• **About this task**:
Repeat the listing that follows exactly. Pictures are not part of the copy.

• **Extracted data**:
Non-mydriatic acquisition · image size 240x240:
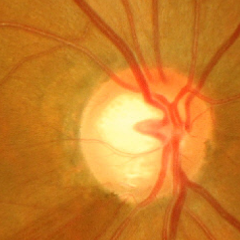 Fundus image with findings of advanced glaucomatous optic neuropathy.
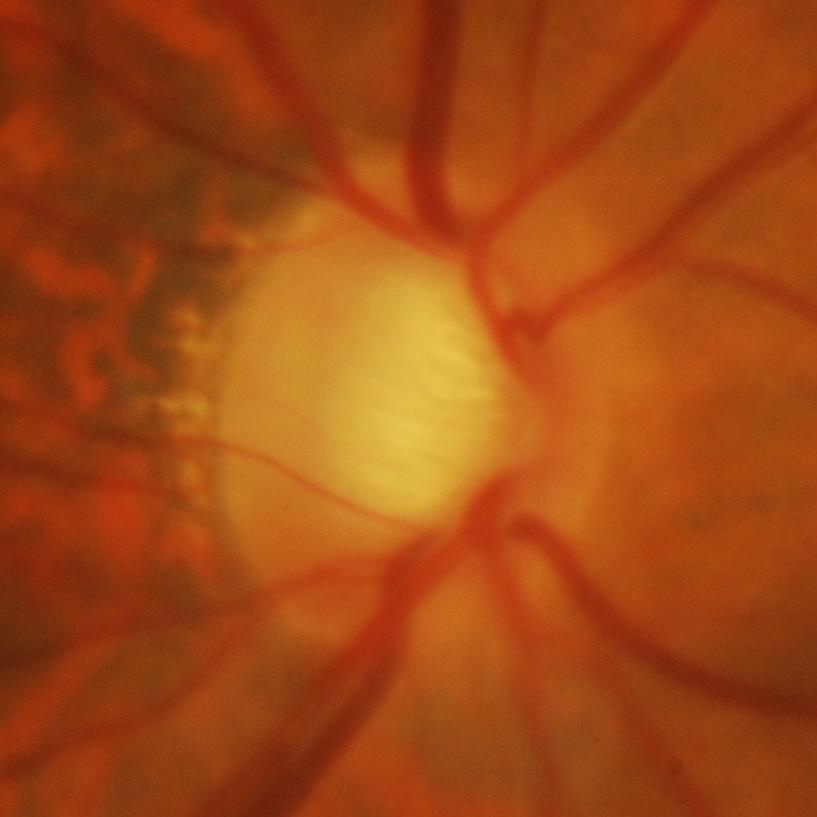
Diagnosis: evidence of glaucoma.
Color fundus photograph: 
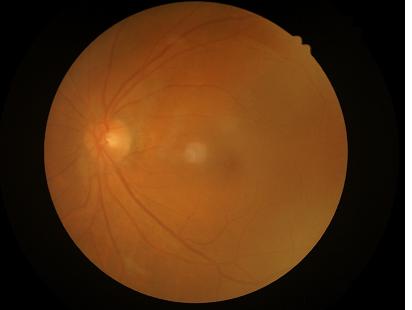
{"clarity": "poor", "contrast": "adequate", "illumination": "satisfactory", "overall_quality": "poor"}
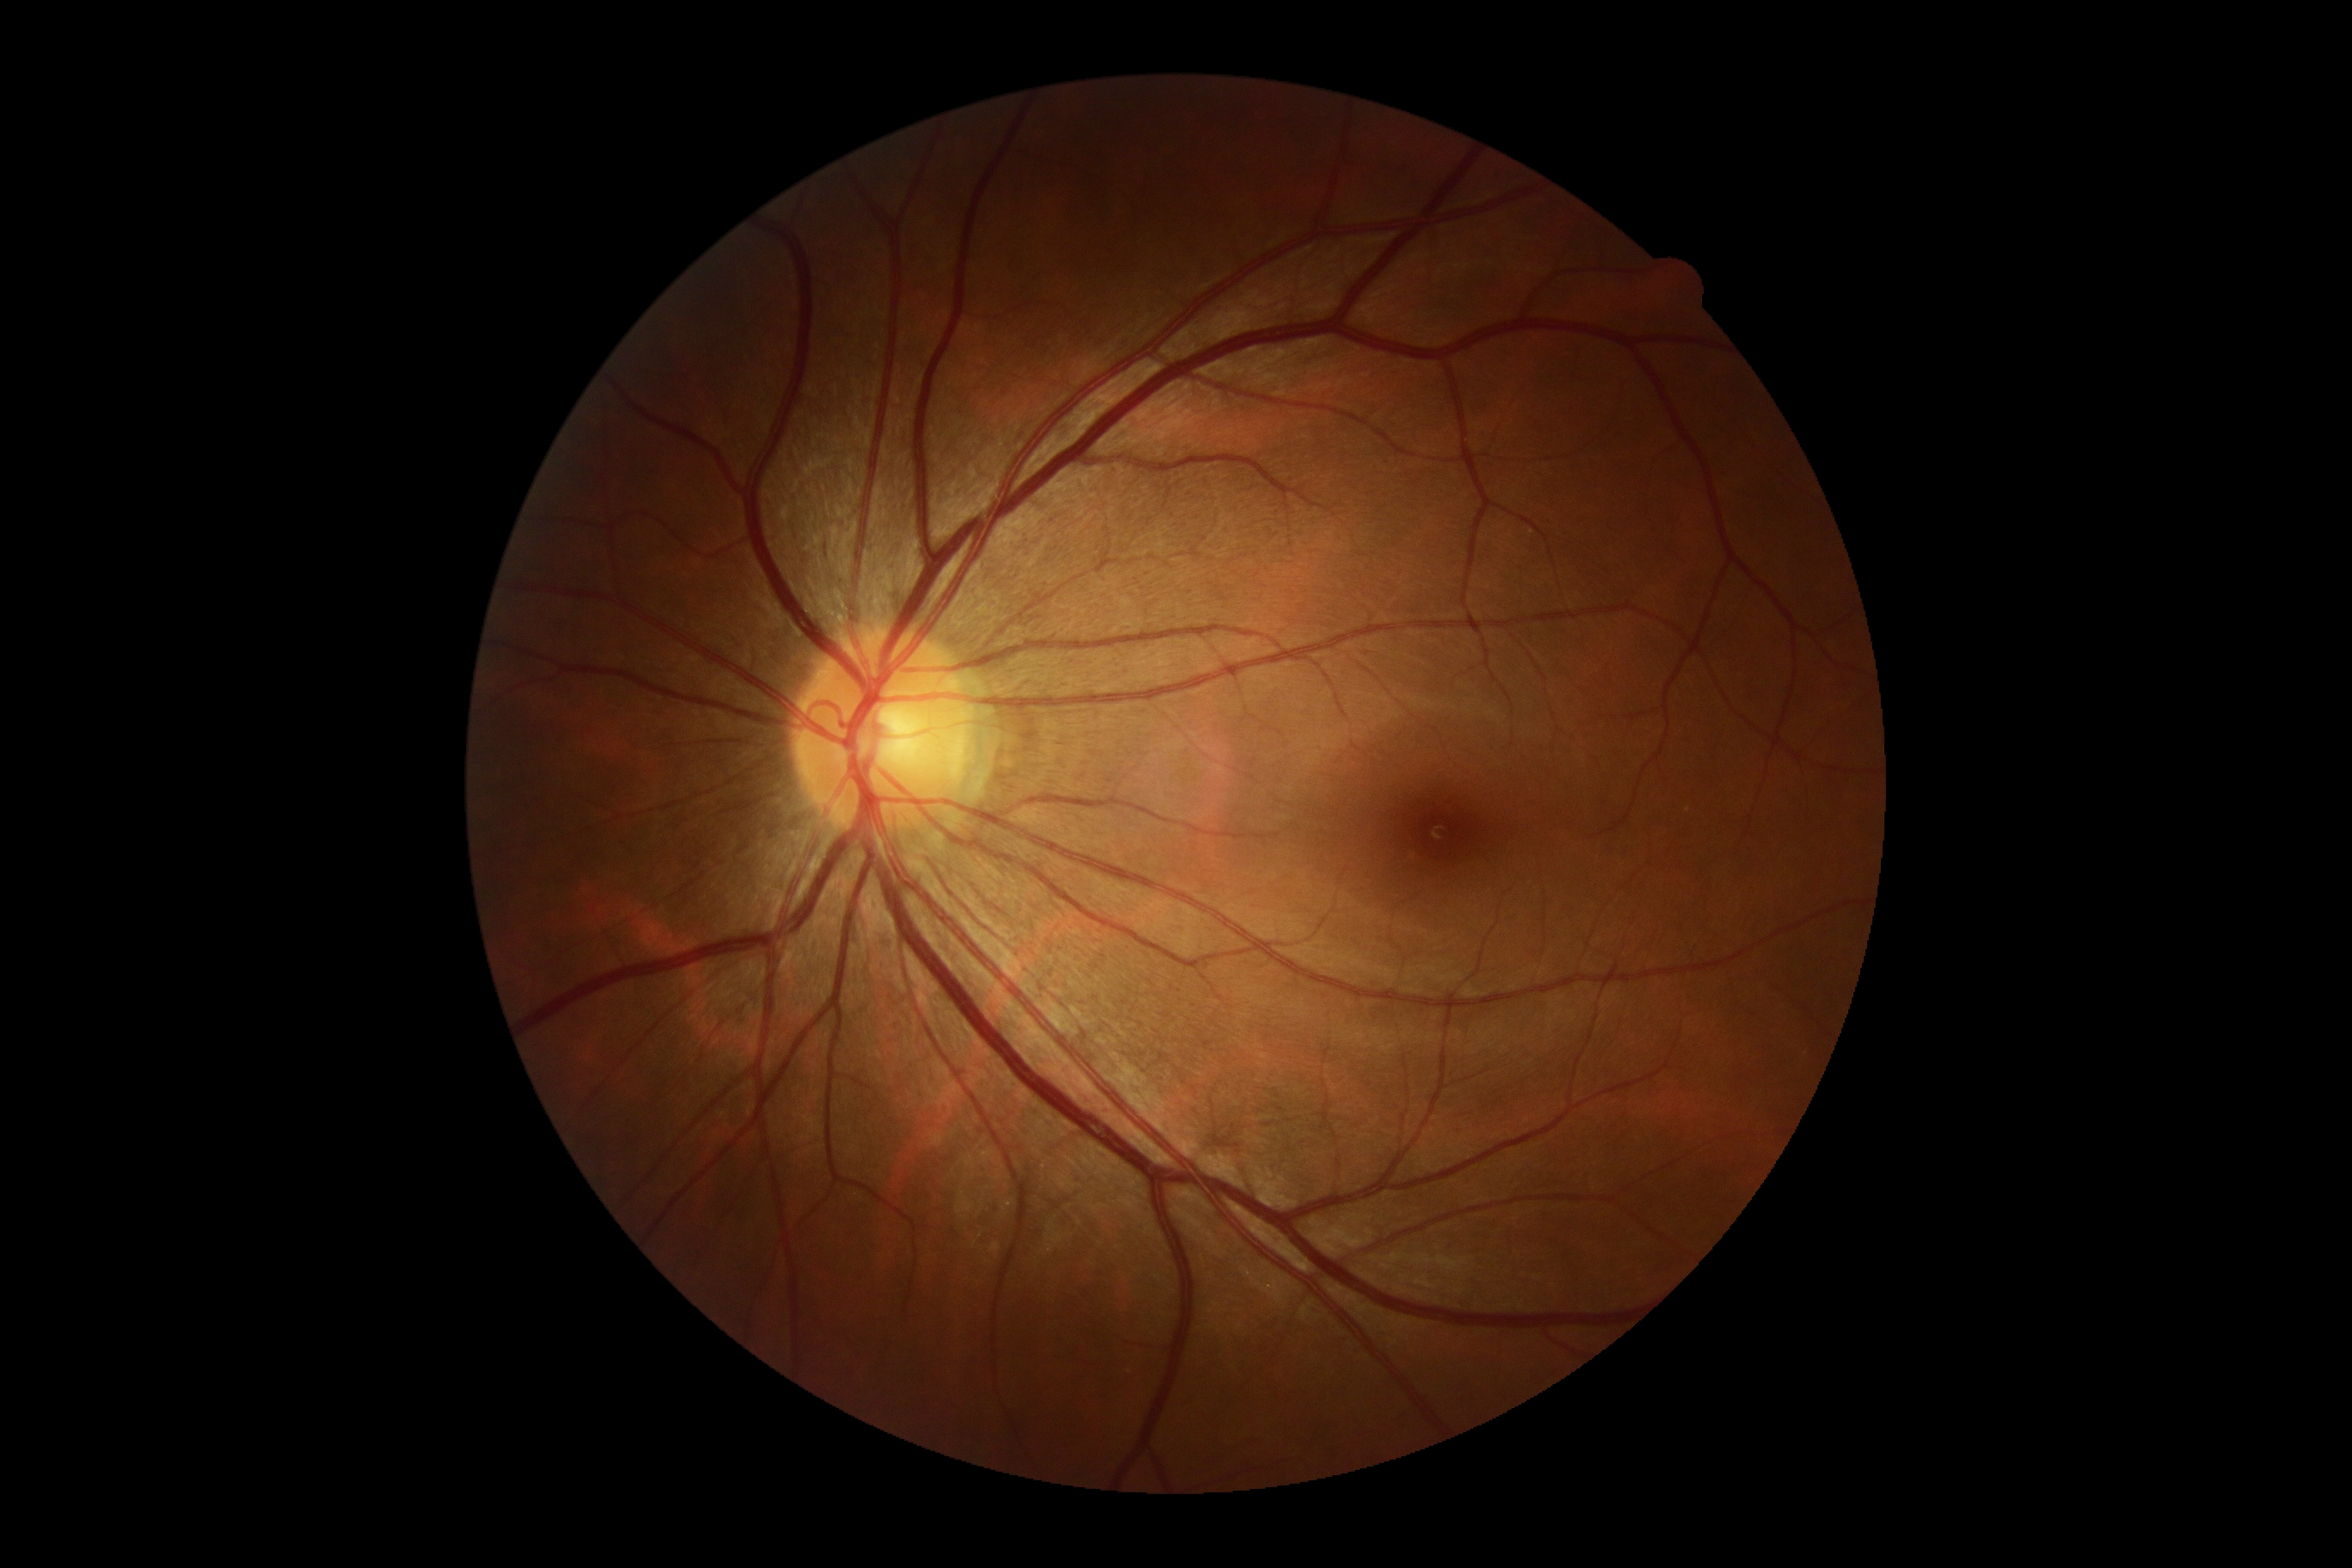 DR: 0.

• **Answer to this exercise**:
Non-mydriatic acquisition · image size 240x240:
 Fundus image with findings of advanced glaucomatous optic neuropathy.
Diagnosis: evidence of glaucoma.
Color fundus photograph: 
{"clarity": "poor", "contrast": "adequate", "illumination": "satisfactory", "overall_quality": "poor"}
 DR: 0.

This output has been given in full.